© Art House
Passion

Passion

de Ryūsuke Hamaguchi

  • Passion
  • (Passhon)
  • Japon2008
  • Réalisation : Ryūsuke Hamaguchi
  • Scénario : Ryūsuke Hamaguchi
  • Image : Yuichi Yuzawa
  • Montage : Ryoko Yakamoto
  • Producteur(s) : Satoshi Fuji
  • Production : Tokyo University of the Arts
  • Interprétation : Aoba Kawai, Ryuta Okamoto, Fusako Urabe, Nao Okabe...
  • Distributeur : Art House Films
  • Date de sortie : 15 mai 2019
  • Durée : 1h55

Passion

de Ryūsuke Hamaguchi

Vérité trouble


Vérité trouble

Belle ini­tia­tive que cette sor­tie en salles du tout pre­mier film de Ryū­suke Ham­aguchi, un an après la dou­ble décou­verte de Sens­es et de Asako I&II. Si le film a beau dater de 2008 et con­stitue à l’origine le pro­jet de fin d’études d’Hamaguchi, il ressem­ble à une étrange con­trac­tion de ses deux derniers longs-métrages, en pré­fig­u­rant Sens­es par la pein­ture d’un groupe régi par une cir­cu­la­tion d’affects et Asako I&II dans son approche des oscil­la­tions du cœur. Ham­aguchi pour­rait être con­sid­éré comme un moral­iste dans la per­spec­tive où ses per­son­nages sont en quête de répons­es, butent sur de nom­breuses hési­ta­tions (Qui suis-je ? Qu’est-ce que l’amour ? Mes désirs peu­vent-ils se réalis­er au détri­ment de ceux des autres ?) et finis­sent par embrass­er la belle saleté inhérente à la vérité : l’amour n’y est guère affaire d’idéal mais d’honnêteté partagée et de petites trahisons accep­tées. Pas­sion s’avère en cela un film d’abord étrange, voire franche­ment heurté (à l’image de cette main frap­pant une vit­re lors de l’apparition du titre), qui sem­ble graviter autour d’un point aveu­gle. Le film s’ouvre sur l’enterrement d’un chat puis réu­nit les dif­férents per­son­nages autour d’un dîn­er, au cours duquel deux d’en­tre eux annon­cent leur mariage, annonce qui dérè­gle d’emblée l’harmonie affichée du groupe et révèle des sen­ti­ments tus. La super­po­si­tion des deux “céré­monies” (des funérailles diurnes, des fiançailles noc­turnes) précède ain­si une longue errance urbaine où les pre­miers mari­vaudages, attrac­tions nou­velles et glisse­ments des car­ac­tères s’organisent au sein de séquences de dia­logues et de flirts.

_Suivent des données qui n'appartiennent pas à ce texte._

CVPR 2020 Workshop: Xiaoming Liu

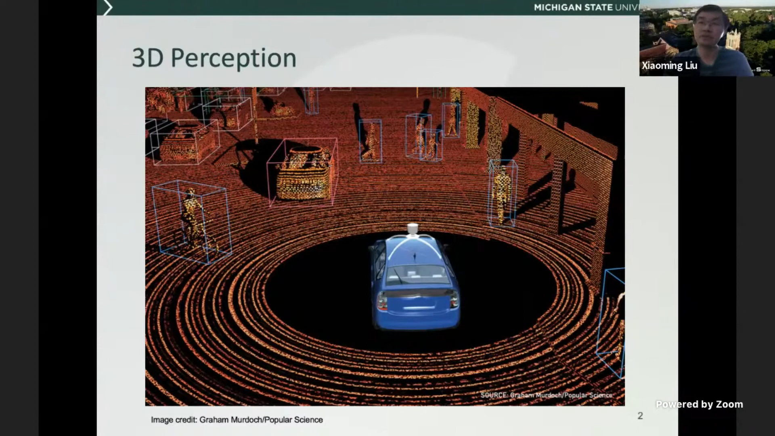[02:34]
But for automated driving, 3D perception is very important that you wish to understand, you know, detect object, you know, tracking, as well as forecasting, do everything in the three-dimensional space. So for this kind of problem, typically, we like to use multiple sensors such as LiDAR, radar, and RGB cameras.
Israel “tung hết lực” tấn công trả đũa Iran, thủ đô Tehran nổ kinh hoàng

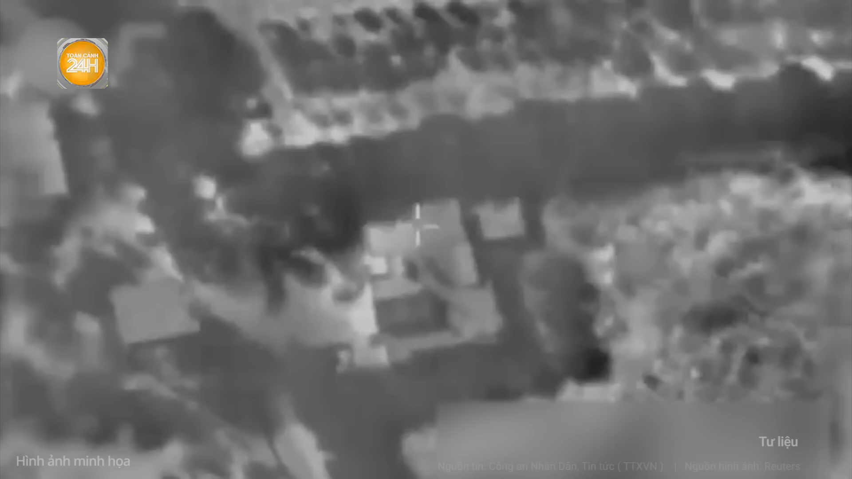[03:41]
Các cuộc khung kích nhắm vào các chi nhánh ở Beirut miền nam Liban,
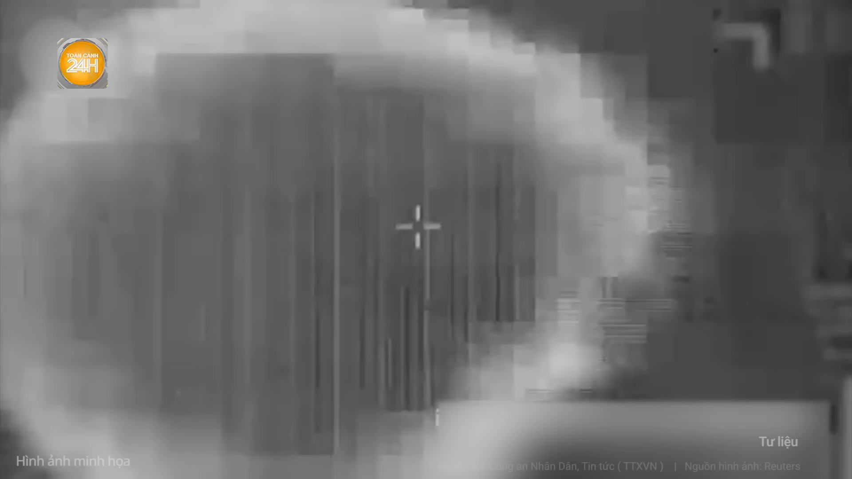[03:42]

On recon­naît là le tal­ent d’Hamaguchi pour con­stru­ire ses réc­its sur une série de décéléra­tions et de rup­tures de tons qui sont aus­si la con­di­tion d’un proces­sus, ici un chem­ine­ment vers un hori­zon qui relèverait moins de la stricte trans­for­ma­tion morale (même la scène finale accouche d’une ultime tor­sion sen­ti­men­tale) que de l’acceptation de la nature intrin­sèque­ment com­pos­ite des affects. Le film lui-même procède d’une recherche qui con­siste à suiv­re pro­gres­sive­ment, au creux du chaos appar­ent, un chemin qui n’en demeure pas moins irrémé­di­a­ble­ment sin­ueux. Les per­son­nages con­ver­gent ain­si vers une lumière blanchâtre, un peu impure mais qui révèle ce qui restait non dit (cf. la scène sur les quais où un per­son­nage con­fesse son amour à une amie). Là où la nuit est le théâtre des petites tromperies et des doutes, le jour laisse place à la gueule de bois ain­si qu’à la mise en terre des fautes et des cer­ti­tudes estom­pées. Bien qu’un peu iné­gal, ce pre­mier film con­firme l’intérêt d’un ciné­ma à la fois joueur et minu­tieux dans sa manière de son­der les nuances, par­fois com­plex­es ou en apparence opaques, des liens sen­ti­men­taux.